▶ What the task requires
Could you write out every record below exactly, leaving out any pictures?
# # # #
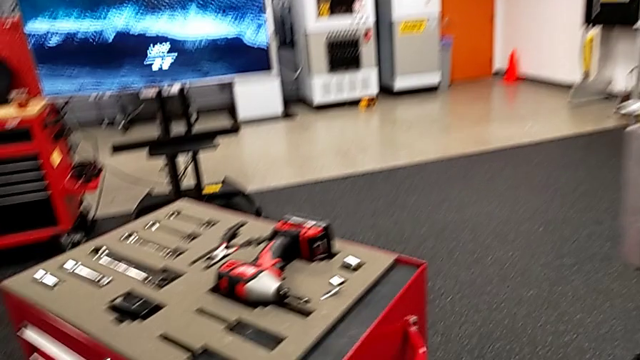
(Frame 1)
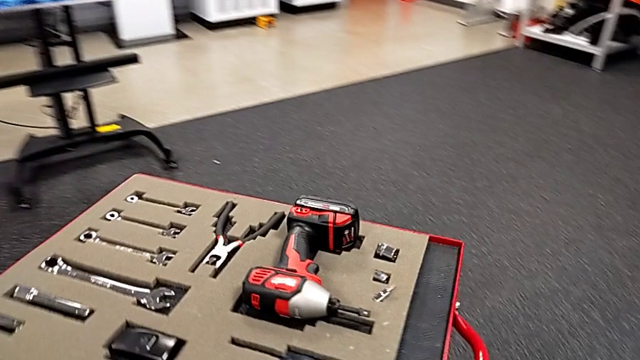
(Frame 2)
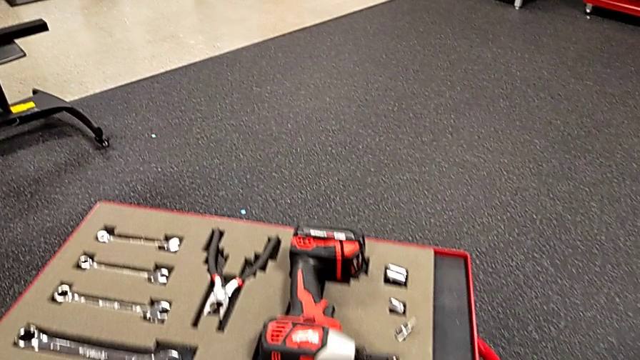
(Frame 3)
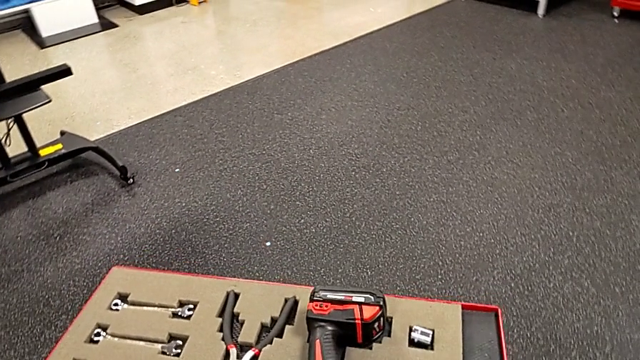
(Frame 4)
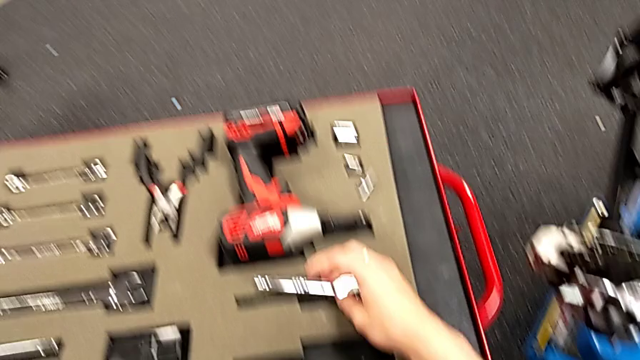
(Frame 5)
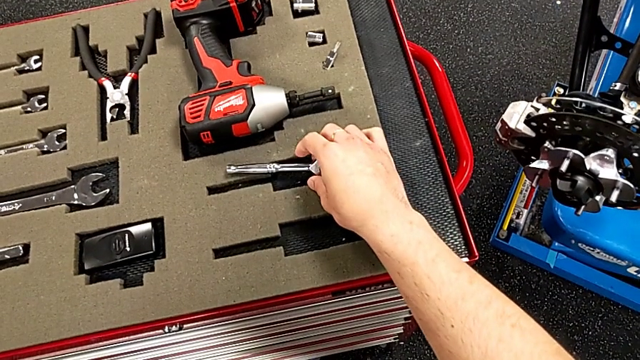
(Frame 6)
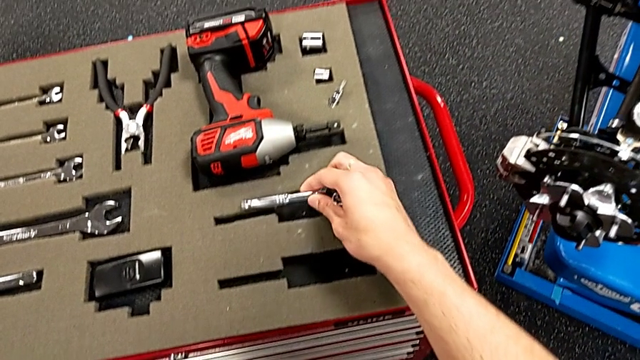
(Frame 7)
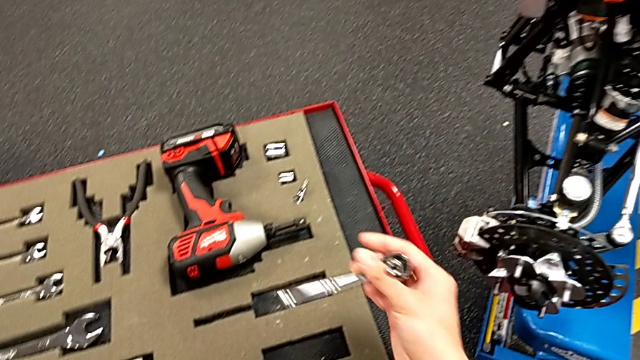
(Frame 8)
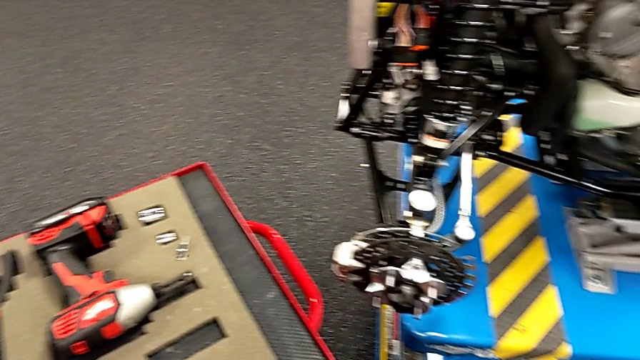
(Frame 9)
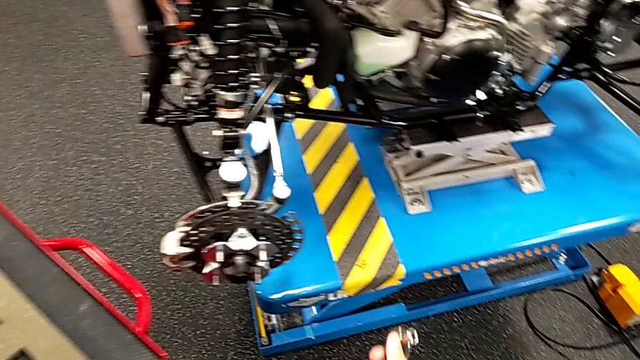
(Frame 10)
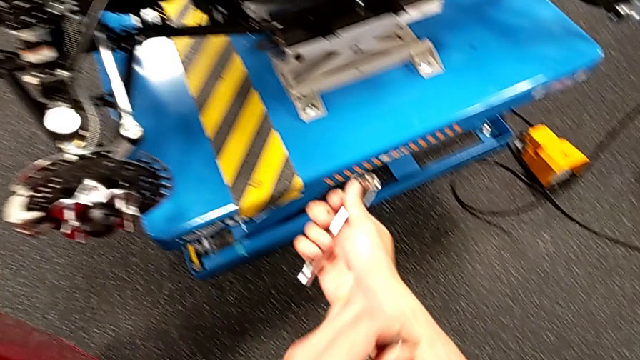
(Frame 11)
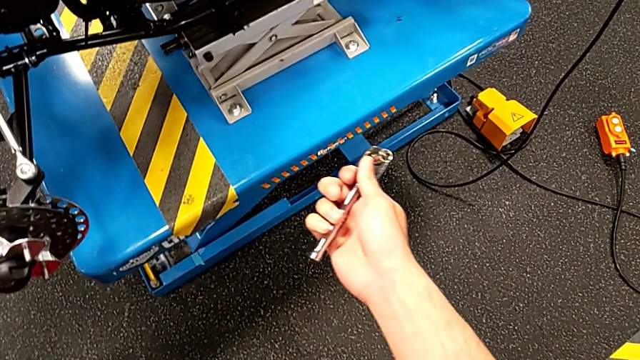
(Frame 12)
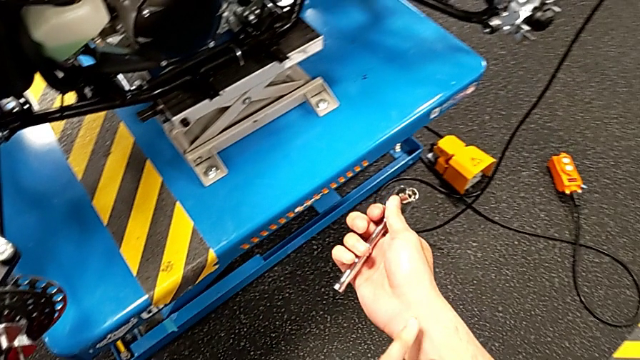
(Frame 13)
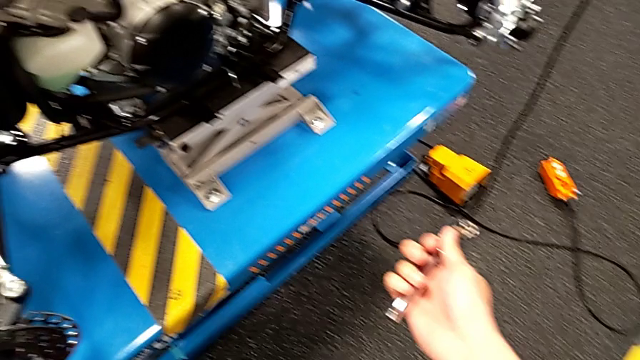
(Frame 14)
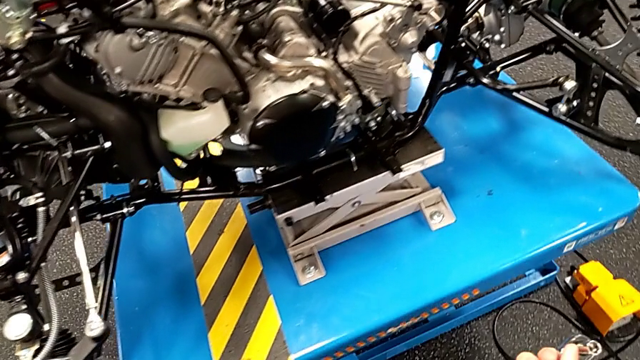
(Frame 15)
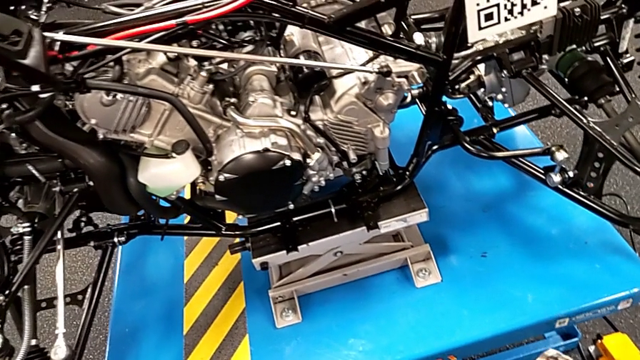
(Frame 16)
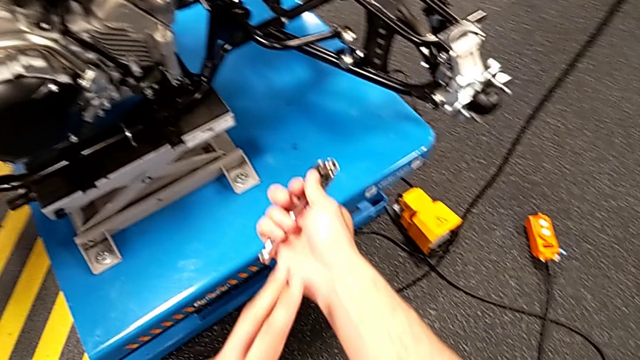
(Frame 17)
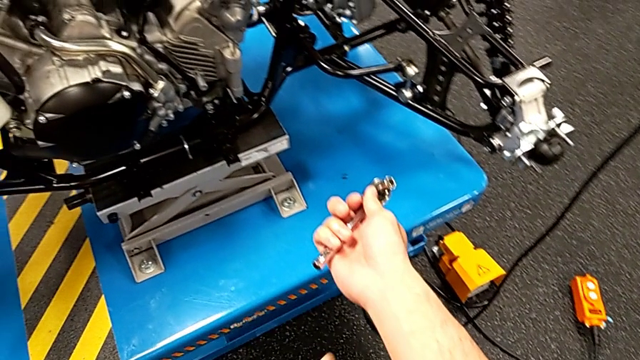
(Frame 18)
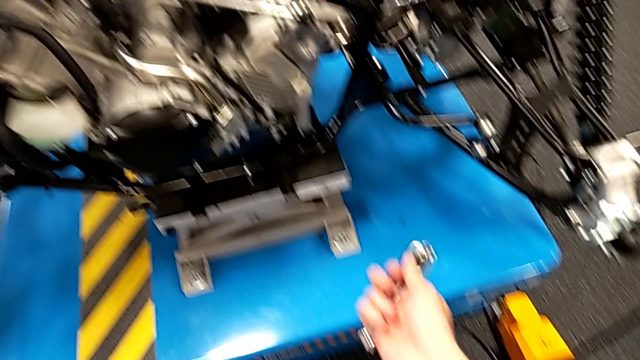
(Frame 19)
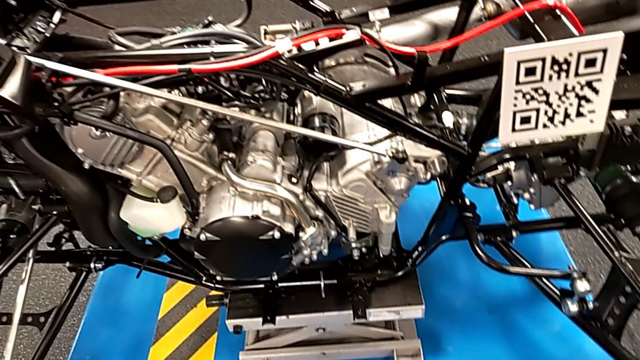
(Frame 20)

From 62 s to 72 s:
# # # #
▶ Response to this task
(Frame 1)
(Frame 2)
(Frame 3)
(Frame 4)
(Frame 5)
(Frame 6)
(Frame 7)
(Frame 8)
(Frame 9)
(Frame 10)
(Frame 11)
(Frame 12)
(Frame 13)
(Frame 14)
(Frame 15)
(Frame 16)
(Frame 17)
(Frame 18)
(Frame 19)
(Frame 20)

From 62 s to 72 s:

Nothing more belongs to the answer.